## Task statement
Lines with "width" in the records below: say how many there are, and add nothing.

+++ Supplied information +++

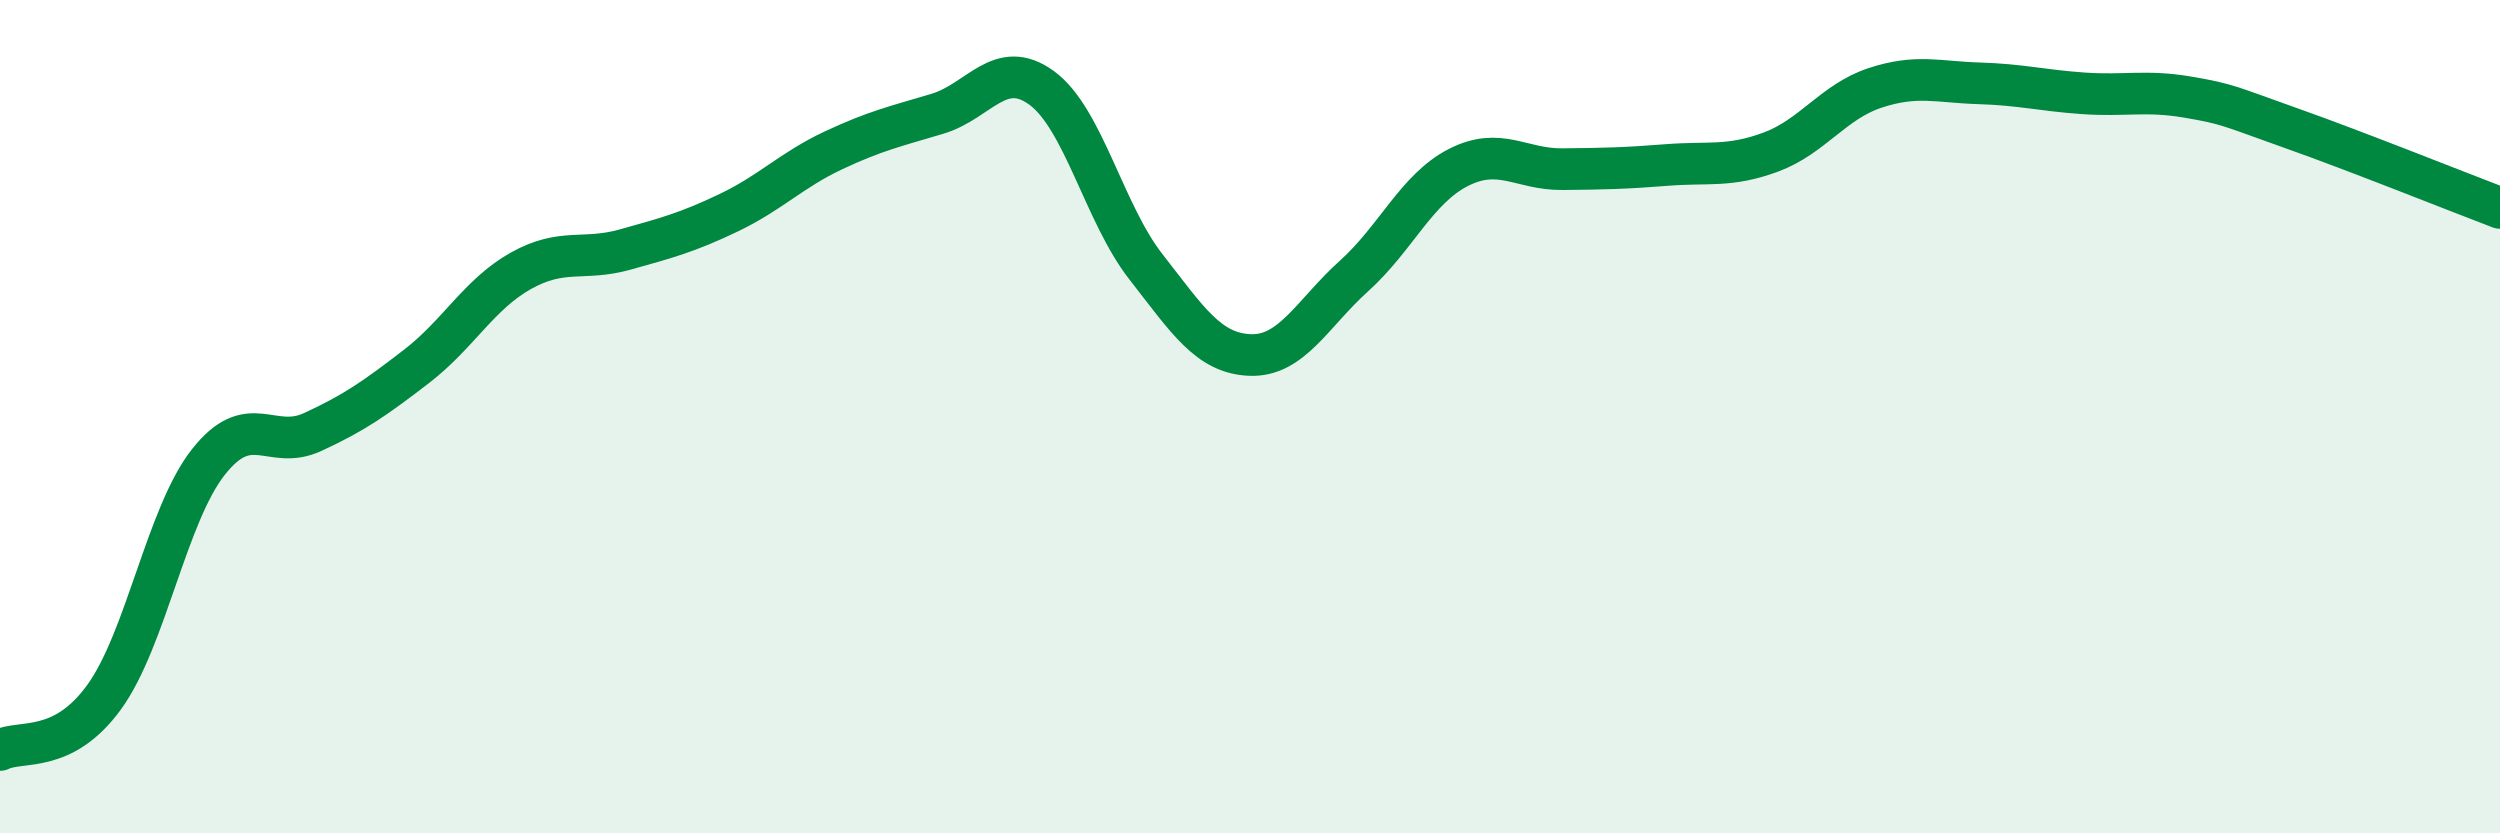 
    <svg width="60" height="20" viewBox="0 0 60 20" xmlns="http://www.w3.org/2000/svg">
      <path
        d="M 0,18 C 0.5,17.75 1.5,18.11 2.5,16.73 C 3.5,15.35 4,12.36 5,11.09 C 6,9.82 6.5,10.83 7.5,10.37 C 8.5,9.91 9,9.56 10,8.79 C 11,8.02 11.5,7.06 12.5,6.5 C 13.5,5.94 14,6.27 15,5.99 C 16,5.71 16.5,5.58 17.5,5.1 C 18.5,4.62 19,4.08 20,3.61 C 21,3.14 21.5,3.03 22.5,2.73 C 23.5,2.43 24,1.38 25,2.11 C 26,2.84 26.5,5.12 27.5,6.4 C 28.5,7.68 29,8.48 30,8.52 C 31,8.56 31.5,7.52 32.5,6.62 C 33.5,5.72 34,4.53 35,4.02 C 36,3.51 36.5,4.07 37.5,4.06 C 38.5,4.05 39,4.04 40,3.96 C 41,3.88 41.5,4.02 42.5,3.65 C 43.5,3.28 44,2.44 45,2.11 C 46,1.78 46.5,1.97 47.5,2 C 48.5,2.03 49,2.17 50,2.24 C 51,2.31 51.5,2.16 52.5,2.33 C 53.5,2.5 53.5,2.55 55,3.08 C 56.5,3.61 59,4.61 60,4.99L60 20L0 20Z"
        fill="#008740"
        opacity="0.1"
        stroke-linecap="round"
        stroke-linejoin="round"
      />
      <path
        d="M 0,18 C 0.5,17.75 1.5,18.11 2.5,16.73 C 3.5,15.35 4,12.36 5,11.09 C 6,9.82 6.5,10.83 7.5,10.37 C 8.5,9.91 9,9.56 10,8.79 C 11,8.02 11.5,7.06 12.5,6.5 C 13.5,5.94 14,6.27 15,5.99 C 16,5.71 16.5,5.58 17.5,5.1 C 18.5,4.62 19,4.08 20,3.61 C 21,3.14 21.5,3.03 22.5,2.73 C 23.5,2.43 24,1.38 25,2.11 C 26,2.84 26.5,5.12 27.5,6.4 C 28.5,7.68 29,8.48 30,8.52 C 31,8.56 31.5,7.52 32.5,6.62 C 33.5,5.72 34,4.53 35,4.02 C 36,3.51 36.5,4.07 37.5,4.06 C 38.5,4.05 39,4.04 40,3.96 C 41,3.88 41.5,4.02 42.5,3.65 C 43.5,3.28 44,2.44 45,2.11 C 46,1.78 46.5,1.97 47.5,2 C 48.5,2.03 49,2.17 50,2.24 C 51,2.31 51.5,2.16 52.5,2.33 C 53.5,2.5 53.5,2.55 55,3.08 C 56.5,3.61 59,4.61 60,4.99"
        stroke="#008740"
        stroke-width="1"
        fill="none"
        stroke-linecap="round"
        stroke-linejoin="round"
      />
    </svg>

+++

## Response
2